5. Remediation and Verification

My decisions get encoded into the findings - which option I selected, what I deferred, any notes I left. The remediation agent receives all of this along with the current plan, and produces a revised version with specific patches tied to each finding.

A verification agent then checks that the revisions actually address the findings. If blocking issues remain and we haven't hit the cycle limit, it loops back to remediation. In practice, most plans converge in one or two cycles.

What a Finding Looks Like

This is the review system reviewing plans for its own development - a P1 caught while refactoring Plans.tsx. Each finding explains the issue, then offers ranked options. I pick one, dismiss it, defer it, or write a custom response. That's it - decisions, not analysis.
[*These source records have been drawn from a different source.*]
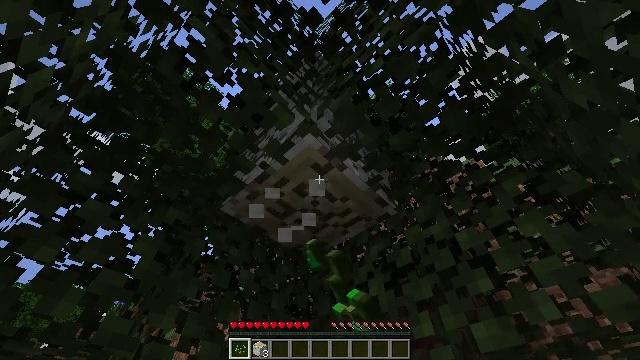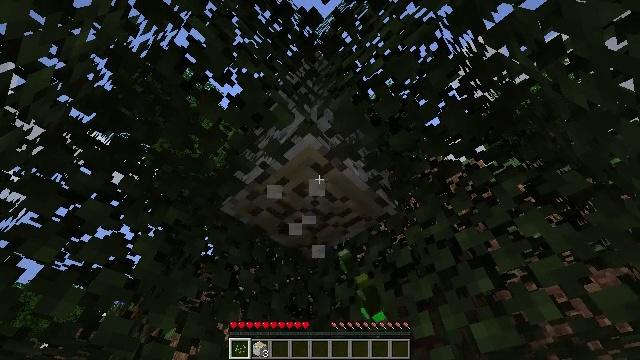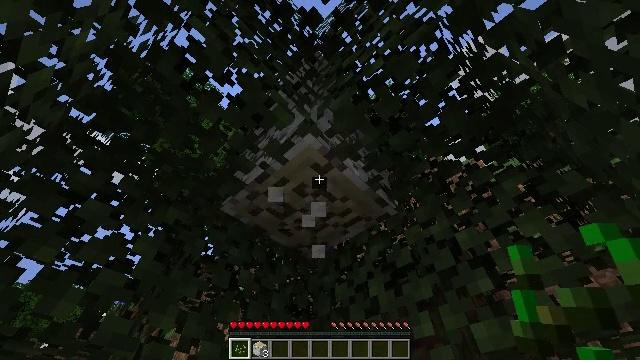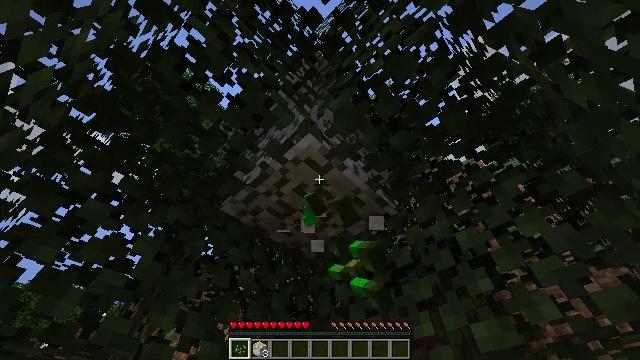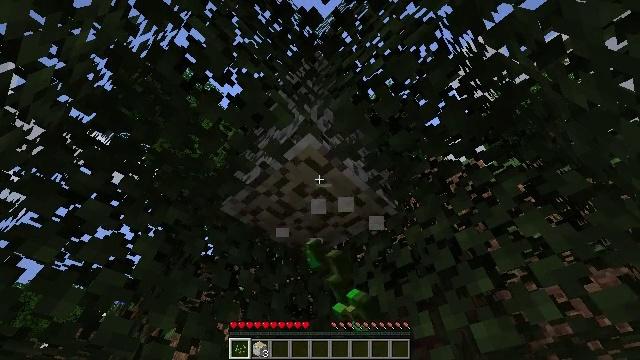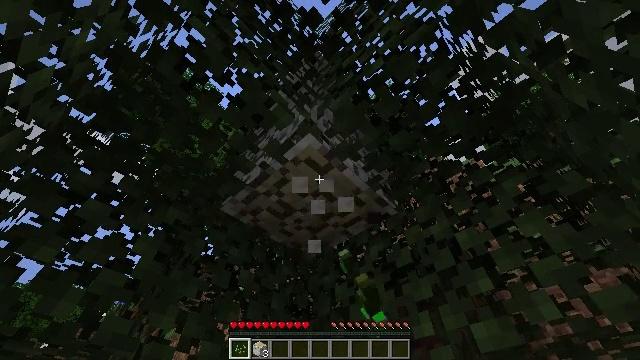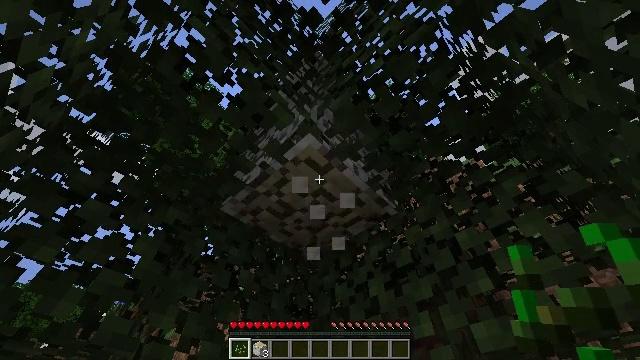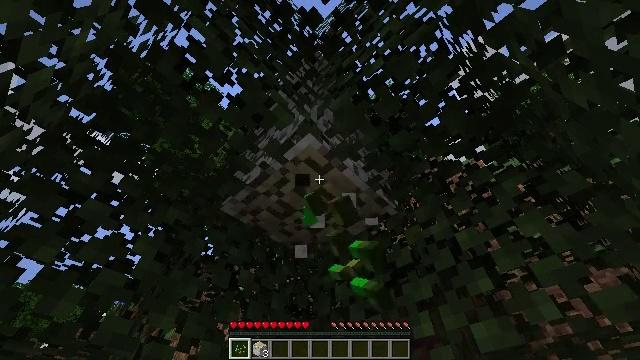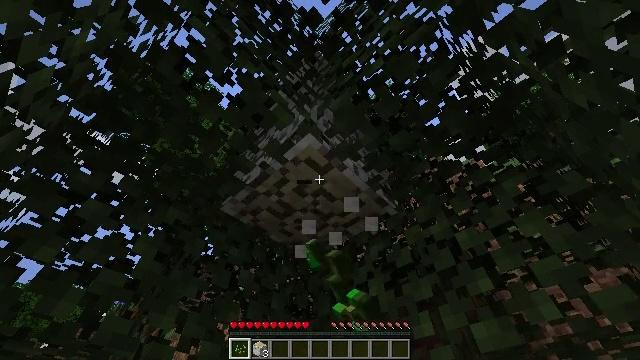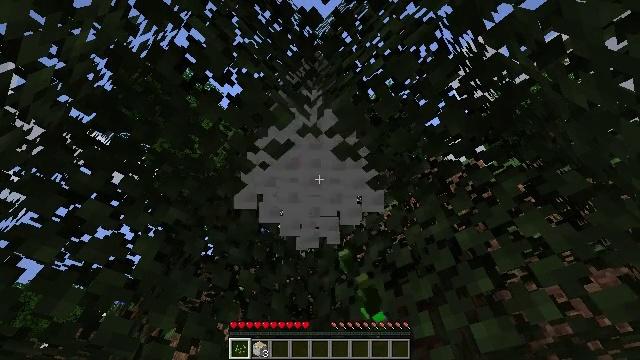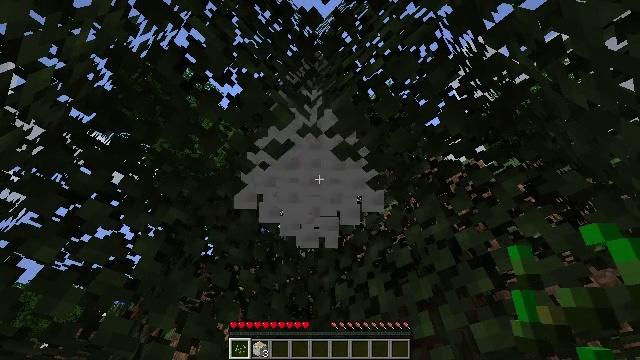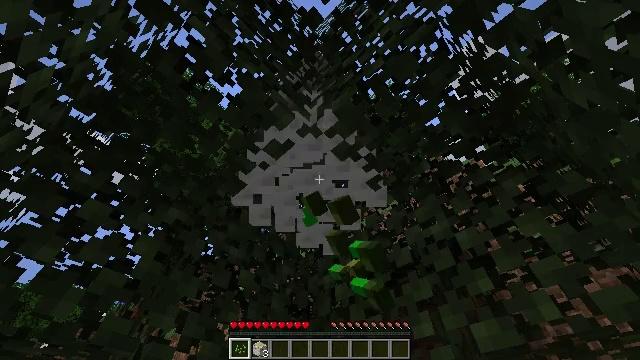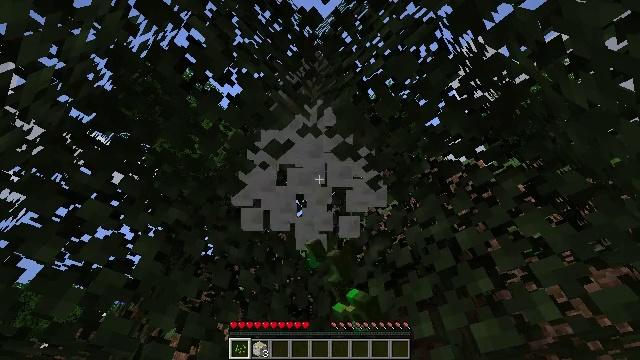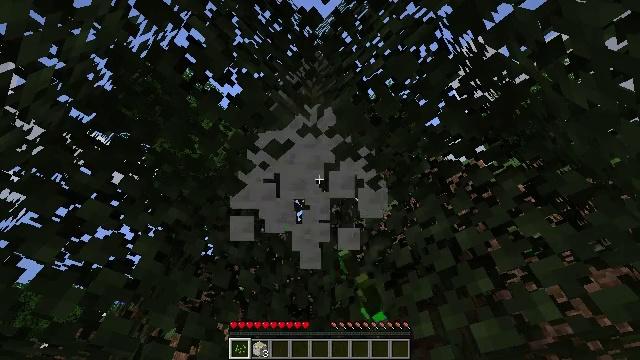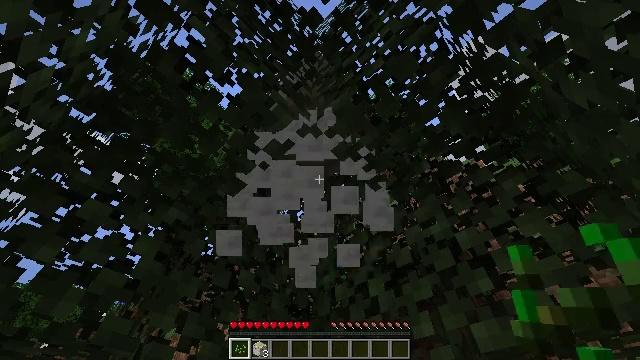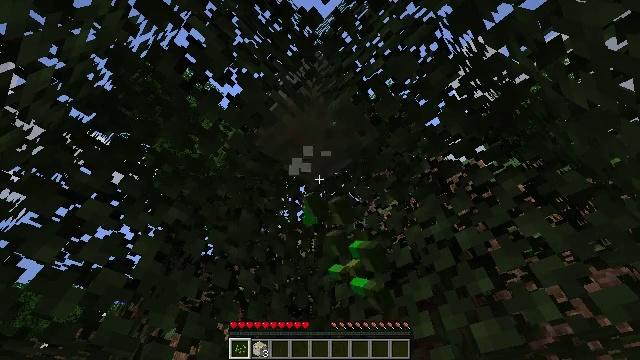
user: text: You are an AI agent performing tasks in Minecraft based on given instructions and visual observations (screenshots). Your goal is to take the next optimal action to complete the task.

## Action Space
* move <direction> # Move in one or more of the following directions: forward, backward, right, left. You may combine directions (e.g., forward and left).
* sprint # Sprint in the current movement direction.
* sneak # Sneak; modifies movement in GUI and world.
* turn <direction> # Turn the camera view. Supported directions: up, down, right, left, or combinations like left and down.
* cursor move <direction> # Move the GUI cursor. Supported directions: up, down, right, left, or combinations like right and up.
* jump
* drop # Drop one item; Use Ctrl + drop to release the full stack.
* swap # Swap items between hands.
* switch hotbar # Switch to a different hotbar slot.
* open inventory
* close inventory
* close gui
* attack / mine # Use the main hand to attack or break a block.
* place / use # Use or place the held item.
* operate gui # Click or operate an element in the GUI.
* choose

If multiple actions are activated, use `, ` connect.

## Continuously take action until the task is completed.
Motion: motion action
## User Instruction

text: Remove birch leaves from trees.
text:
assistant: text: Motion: attack / mine
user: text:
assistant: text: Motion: attack / mine
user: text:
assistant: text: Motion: attack / mine
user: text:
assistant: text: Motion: attack / mine
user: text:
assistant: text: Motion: attack / mine
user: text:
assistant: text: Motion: attack / mine
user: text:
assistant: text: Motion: attack / mine
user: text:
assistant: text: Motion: attack / mine
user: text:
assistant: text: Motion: attack / mine
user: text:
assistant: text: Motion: attack / mine
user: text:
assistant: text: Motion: attack / mine
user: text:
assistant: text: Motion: attack / mine
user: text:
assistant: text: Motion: attack / mine
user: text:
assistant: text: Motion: attack / mine
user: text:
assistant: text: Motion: attack / mine
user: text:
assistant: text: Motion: attack / mine
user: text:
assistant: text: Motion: attack / mine
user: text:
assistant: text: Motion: attack / mine
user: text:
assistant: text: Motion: attack / mine
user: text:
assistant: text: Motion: attack / mine
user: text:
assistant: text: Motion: attack / mine
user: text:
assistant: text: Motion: attack / mine
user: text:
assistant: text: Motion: attack / mine
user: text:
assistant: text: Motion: turn up, attack / mine
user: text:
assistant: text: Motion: attack / mine
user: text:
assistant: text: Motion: attack / mine
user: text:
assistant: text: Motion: attack / mine
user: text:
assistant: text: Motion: attack / mine
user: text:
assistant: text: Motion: attack / mine
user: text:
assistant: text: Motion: attack / mine

A finding in Nucleus - the agent explains the issue, offers ranked options, and I choose how to resolve it

Results

Since building this workflow, my experience has been:

  • Plans that go through automated review produce noticeably fewer bugs during implementation. The kinds of issues that used to surface during code review get caught at the plan stage when they're cheap to fix.
  • The human review step takes 5-10 minutes per plan. Most of that is P0/P1 decisions. P2s and P3s take seconds each.
  • Most plans converge in 1-2 review cycles. Occasionally a plan with deep architectural issues needs 4-5.
  • I spend less time in code review because the plan already addressed the detail-level concerns. Code review becomes primarily about whether the implementation matches the plan, which is a much simpler question.

I'm capturing all the performance data, and rapidly learning which models are better for what - not vibes, actual in-flight evaluations based on every issue flowing through my coding workflows. Expect more on that soon.

The Bigger Picture

The traditional development loop:

Traditional
Write codeReview codeFix codeReview again

The planning loop:

Planning
Write planReview planFix planWrite code

The second version moves the expensive iteration to where changes are cheap.

But the real shift is in what humans and agents each do. I'm not reviewing implementation detail - agents do that better than me. I'm making strategic decisions: is this the right approach? Is this complexity justified? Should we even build this? Those are questions that require business context, user empathy, and judgement. Agents don't have those. I do.

Plans are the interface between human judgement and machine thoroughness. If you're spending your review cycles staring at diffs, you're doing the part that agents are better at, and skipping the part that only you can do.